BACKGROUND: Diffuse infiltrative lymphocytosis syndrome (DILS) is characterised by a persistent CD8+ lymphocytosis and lymphocytic infiltration of various organs. The exact prevalence isn’t known but some studies have reported between 0.85 – 3%, and appears to be more common in African population. Patients with DILS tend to have higher CD4cell counts and survive longer than those patients without DILS. Most patients present with bilateral parotid gland enlargement and features of the Sicca syndrome. Common sites of extra glandular involvement are the lungs being the most common site, followed by peripheral neuropathy and liver. With the high incidence of HIV in our population it is likely that DILS is under diagnosed probably due to our ignorance of this disease. Awareness of its various presentations may bring to light undiscovered patients with DILS.
OBJECTIVE: To review pathogenesis, diagnostic approach and current trends in the management of Diffuse interstitial lymphocytic syndrome
DATA SOURCE: Literature review of relevant published literature from both Africa and the rest of the world.
DATA SYNTHESIS:Pathologically, under light microscopy, DILS resembles the focal sialadenitis seen with Sjogren’s syndrome, although it tends to be less destructive of the glandular architecture than in Sjogren’s syndrome. Most of the inflammatory infiltrate is composed of CD8+ lymphocytes unlike Sjogren’s which are CD4+. Lymphoepithelial cysts are frequently observed in the parotid glands of patients with DILS. The variation in CD8 count in the course of HIV disease is less understood. The variation in CD8 lymphocytes is implicated in the pathogenesis of a number of clinical manifestations in HIV diseases including diffuse infiltrative lymphocytic syndrome (DILS) and HIV associated CD8+ lymphocytosis syndrome.Parotid gland enlargement in a patient with HIV infection should prompt clinicians to suspect DILS. In addition, clinicians should be aware that the pulmonary process associated with DILS may mimic clinically and radiographically the pneumonic process caused by Pneumocystis carinii. Other manifestations of DILS to consider include a severe form of peripheral neuropathy; lymphocytic infiltration of the liver, evident as hepatitis; myositis; and lymphocytic interstitial nephritis.Management of DILS is determined by the severity of glandular and extra glandularfeatures.Data on therapeutic trials are lacking although there are isolated reports of good response to antiretroviral and steroid therapy.
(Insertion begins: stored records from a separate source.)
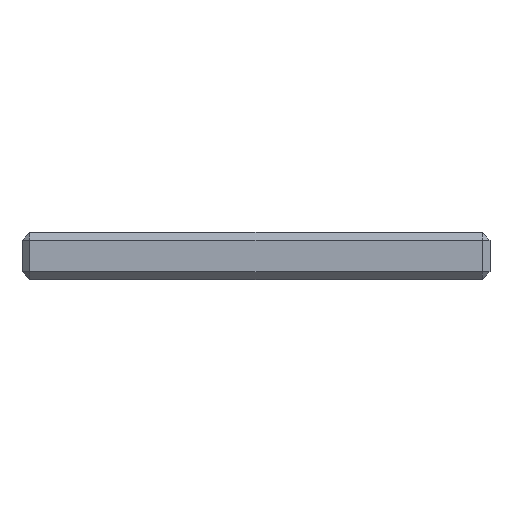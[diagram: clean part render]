
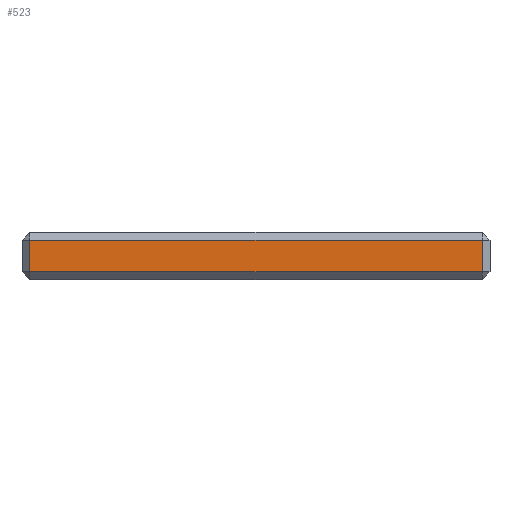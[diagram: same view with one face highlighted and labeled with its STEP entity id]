
A CAD part, front view. The second image highlights one B-rep face of the part: STEP entity #523.
In plain terms, the highlighted planar face has unit normal (0, -1, 0).
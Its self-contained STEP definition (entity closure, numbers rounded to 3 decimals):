
#44 = PLANE('',#45);
#45 = AXIS2_PLACEMENT_3D('',#46,#47,#48);
#46 = CARTESIAN_POINT('',(-14.65,-49.65,3.));
#47 = DIRECTION('',(-0.707,-0.707,0.));
#48 = DIRECTION('',(-0.,-0.,-1.));
#143 = VERTEX_POINT('',#144);
#144 = CARTESIAN_POINT('',(-14.4,-49.9,5.5));
#170 = EDGE_CURVE('',#171,#143,#173,.T.);
#171 = VERTEX_POINT('',#172);
#172 = CARTESIAN_POINT('',(-14.4,-49.9,3.5));
#173 = SURFACE_CURVE('',#174,(#178,#185),.PCURVE_S1.);
#174 = LINE('',#175,#176);
#175 = CARTESIAN_POINT('',(-14.4,-49.9,3.));
#176 = VECTOR('',#177,1.);
#177 = DIRECTION('',(0.,0.,1.));
#178 = PCURVE('',#44,#179);
#179 = DEFINITIONAL_REPRESENTATION('',(#180),#184);
#180 = LINE('',#181,#182);
#181 = CARTESIAN_POINT('',(-0.,0.354));
#182 = VECTOR('',#183,1.);
#183 = DIRECTION('',(-1.,0.));
#184 = ( GEOMETRIC_REPRESENTATION_CONTEXT(2) 
PARAMETRIC_REPRESENTATION_CONTEXT() REPRESENTATION_CONTEXT('2D SPACE',''
  ) );
#185 = PCURVE('',#186,#191);
#186 = PLANE('',#187);
#187 = AXIS2_PLACEMENT_3D('',#188,#189,#190);
#188 = CARTESIAN_POINT('',(14.9,-49.9,3.));
#189 = DIRECTION('',(0.,-1.,0.));
#190 = DIRECTION('',(-1.,0.,0.));
#191 = DEFINITIONAL_REPRESENTATION('',(#192),#196);
#192 = LINE('',#193,#194);
#193 = CARTESIAN_POINT('',(29.3,-0.));
#194 = VECTOR('',#195,1.);
#195 = DIRECTION('',(0.,-1.));
#196 = ( GEOMETRIC_REPRESENTATION_CONTEXT(2) 
PARAMETRIC_REPRESENTATION_CONTEXT() REPRESENTATION_CONTEXT('2D SPACE',''
  ) );
#480 = PLANE('',#481);
#481 = AXIS2_PLACEMENT_3D('',#482,#483,#484);
#482 = CARTESIAN_POINT('',(14.9,-49.65,3.25));
#483 = DIRECTION('',(0.,0.707,0.707));
#484 = DIRECTION('',(1.,0.,0.));
#511 = PLANE('',#512);
#512 = AXIS2_PLACEMENT_3D('',#513,#514,#515);
#513 = CARTESIAN_POINT('',(14.9,-49.65,5.75));
#514 = DIRECTION('',(0.,-0.707,0.707));
#515 = DIRECTION('',(1.,0.,0.));
#523 = ADVANCED_FACE('',(#524),#186,.T.);
#524 = FACE_BOUND('',#525,.T.);
#525 = EDGE_LOOP('',(#526,#527,#550,#578));
#526 = ORIENTED_EDGE('',*,*,#170,.F.);
#527 = ORIENTED_EDGE('',*,*,#528,.F.);
#528 = EDGE_CURVE('',#529,#171,#531,.T.);
#529 = VERTEX_POINT('',#530);
#530 = CARTESIAN_POINT('',(14.4,-49.9,3.5));
#531 = SURFACE_CURVE('',#532,(#536,#543),.PCURVE_S1.);
#532 = LINE('',#533,#534);
#533 = CARTESIAN_POINT('',(14.9,-49.9,3.5));
#534 = VECTOR('',#535,1.);
#535 = DIRECTION('',(-1.,0.,0.));
#536 = PCURVE('',#186,#537);
#537 = DEFINITIONAL_REPRESENTATION('',(#538),#542);
#538 = LINE('',#539,#540);
#539 = CARTESIAN_POINT('',(0.,-0.5));
#540 = VECTOR('',#541,1.);
#541 = DIRECTION('',(1.,-0.));
#542 = ( GEOMETRIC_REPRESENTATION_CONTEXT(2) 
PARAMETRIC_REPRESENTATION_CONTEXT() REPRESENTATION_CONTEXT('2D SPACE',''
  ) );
#543 = PCURVE('',#480,#544);
#544 = DEFINITIONAL_REPRESENTATION('',(#545),#549);
#545 = LINE('',#546,#547);
#546 = CARTESIAN_POINT('',(0.,-0.354));
#547 = VECTOR('',#548,1.);
#548 = DIRECTION('',(-1.,0.));
#549 = ( GEOMETRIC_REPRESENTATION_CONTEXT(2) 
PARAMETRIC_REPRESENTATION_CONTEXT() REPRESENTATION_CONTEXT('2D SPACE',''
  ) );
#550 = ORIENTED_EDGE('',*,*,#551,.T.);
#551 = EDGE_CURVE('',#529,#552,#554,.T.);
#552 = VERTEX_POINT('',#553);
#553 = CARTESIAN_POINT('',(14.4,-49.9,5.5));
#554 = SURFACE_CURVE('',#555,(#559,#566),.PCURVE_S1.);
#555 = LINE('',#556,#557);
#556 = CARTESIAN_POINT('',(14.4,-49.9,3.));
#557 = VECTOR('',#558,1.);
#558 = DIRECTION('',(0.,0.,1.));
#559 = PCURVE('',#186,#560);
#560 = DEFINITIONAL_REPRESENTATION('',(#561),#565);
#561 = LINE('',#562,#563);
#562 = CARTESIAN_POINT('',(0.5,0.));
#563 = VECTOR('',#564,1.);
#564 = DIRECTION('',(0.,-1.));
#565 = ( GEOMETRIC_REPRESENTATION_CONTEXT(2) 
PARAMETRIC_REPRESENTATION_CONTEXT() REPRESENTATION_CONTEXT('2D SPACE',''
  ) );
#566 = PCURVE('',#567,#572);
#567 = PLANE('',#568);
#568 = AXIS2_PLACEMENT_3D('',#569,#570,#571);
#569 = CARTESIAN_POINT('',(14.65,-49.65,3.));
#570 = DIRECTION('',(0.707,-0.707,0.));
#571 = DIRECTION('',(0.,0.,1.));
#572 = DEFINITIONAL_REPRESENTATION('',(#573),#577);
#573 = LINE('',#574,#575);
#574 = CARTESIAN_POINT('',(0.,0.354));
#575 = VECTOR('',#576,1.);
#576 = DIRECTION('',(1.,0.));
#577 = ( GEOMETRIC_REPRESENTATION_CONTEXT(2) 
PARAMETRIC_REPRESENTATION_CONTEXT() REPRESENTATION_CONTEXT('2D SPACE',''
  ) );
#578 = ORIENTED_EDGE('',*,*,#579,.T.);
#579 = EDGE_CURVE('',#552,#143,#580,.T.);
#580 = SURFACE_CURVE('',#581,(#585,#592),.PCURVE_S1.);
#581 = LINE('',#582,#583);
#582 = CARTESIAN_POINT('',(14.9,-49.9,5.5));
#583 = VECTOR('',#584,1.);
#584 = DIRECTION('',(-1.,0.,0.));
#585 = PCURVE('',#186,#586);
#586 = DEFINITIONAL_REPRESENTATION('',(#587),#591);
#587 = LINE('',#588,#589);
#588 = CARTESIAN_POINT('',(0.,-2.5));
#589 = VECTOR('',#590,1.);
#590 = DIRECTION('',(1.,-0.));
#591 = ( GEOMETRIC_REPRESENTATION_CONTEXT(2) 
PARAMETRIC_REPRESENTATION_CONTEXT() REPRESENTATION_CONTEXT('2D SPACE',''
  ) );
#592 = PCURVE('',#511,#593);
#593 = DEFINITIONAL_REPRESENTATION('',(#594),#598);
#594 = LINE('',#595,#596);
#595 = CARTESIAN_POINT('',(0.,-0.354));
#596 = VECTOR('',#597,1.);
#597 = DIRECTION('',(-1.,0.));
#598 = ( GEOMETRIC_REPRESENTATION_CONTEXT(2) 
PARAMETRIC_REPRESENTATION_CONTEXT() REPRESENTATION_CONTEXT('2D SPACE',''
  ) );

CONCLUSION: DILS, a subset of HIV disease manifestation, may present as parotid gland swellings. In general, an HIV patient presenting with DILS has a better prognosis than a patient with HIV alone.With the high incidence of HIV in our population it is likely that DILS is under diagnosed probably due to our ignorance of this disease. Awareness of its various presentations may bring to light undiscovered patients with DILS. Clinicians should watch for the possible transformation into B-cell lymphoma. There is still paucity of data about this disease from pathophysiology to treatment to studies correlating the plasma viral load with CD8 lymphocyte count in patients with HIV disease.